DIRECTIONS FOR THIS TASK
Apart from the images, repeat the data below exactly as written.

==========

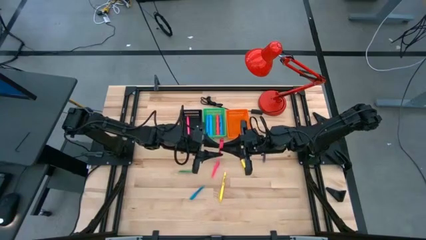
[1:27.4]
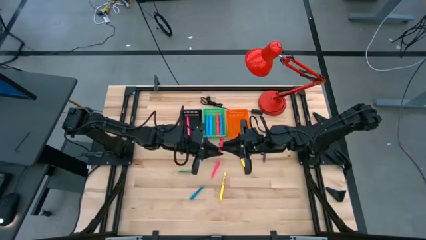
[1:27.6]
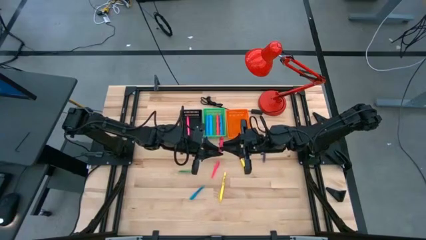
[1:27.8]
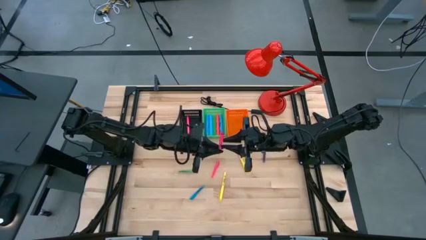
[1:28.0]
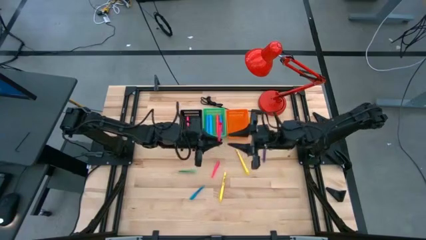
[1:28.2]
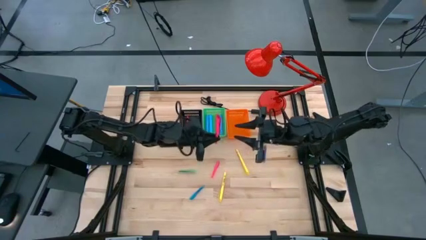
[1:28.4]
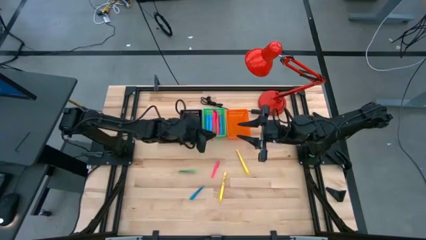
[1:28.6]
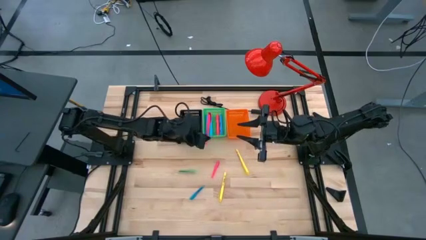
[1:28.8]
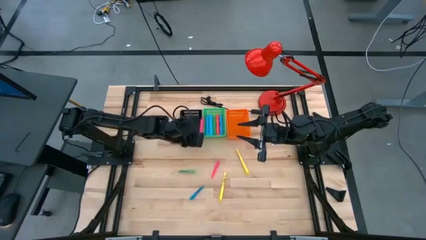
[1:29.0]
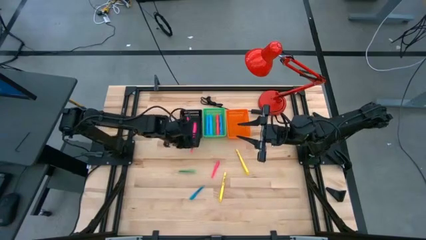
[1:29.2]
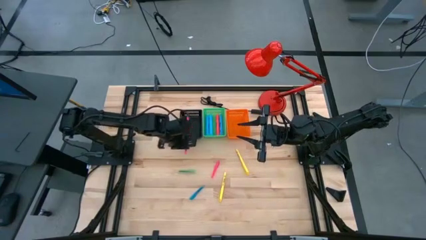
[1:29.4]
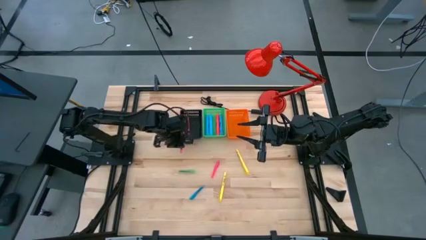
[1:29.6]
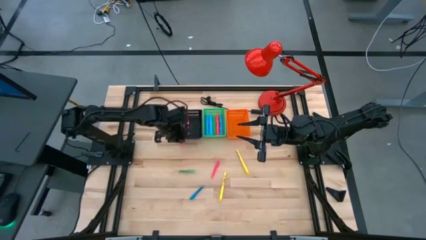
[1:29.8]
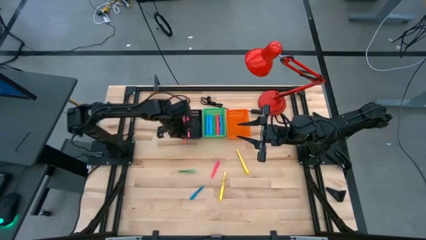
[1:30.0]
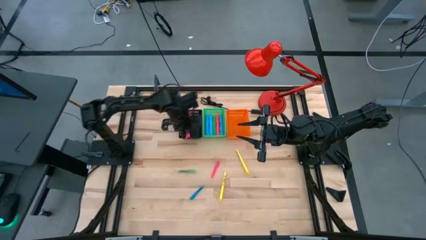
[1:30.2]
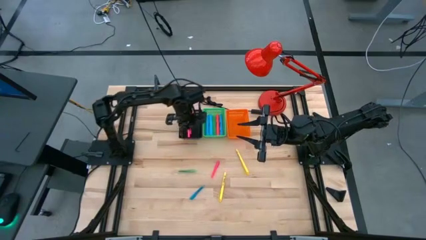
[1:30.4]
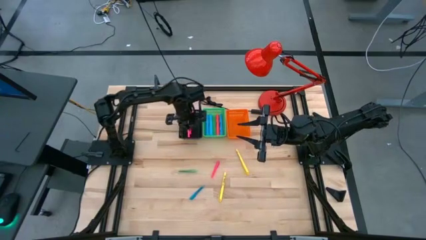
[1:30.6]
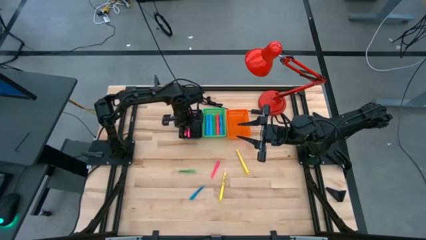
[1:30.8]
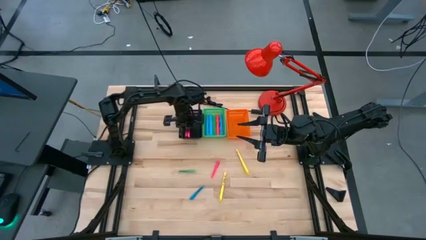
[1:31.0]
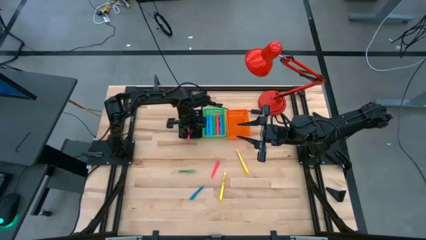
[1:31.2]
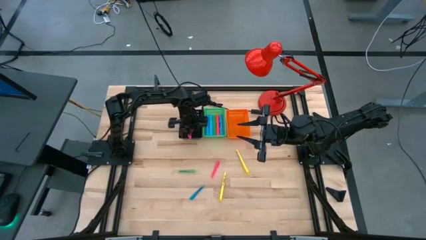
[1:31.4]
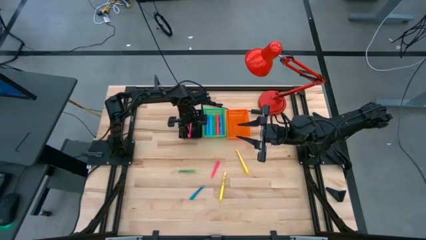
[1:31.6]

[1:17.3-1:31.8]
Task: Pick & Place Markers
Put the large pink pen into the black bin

==========

TASK OUTPUT
[1:27.4]
[1:27.6]
[1:27.8]
[1:28.0]
[1:28.2]
[1:28.4]
[1:28.6]
[1:28.8]
[1:29.0]
[1:29.2]
[1:29.4]
[1:29.6]
[1:29.8]
[1:30.0]
[1:30.2]
[1:30.4]
[1:30.6]
[1:30.8]
[1:31.0]
[1:31.2]
[1:31.4]
[1:31.6]

[1:17.3-1:31.8]
Task: Pick & Place Markers
Put the large pink pen into the black bin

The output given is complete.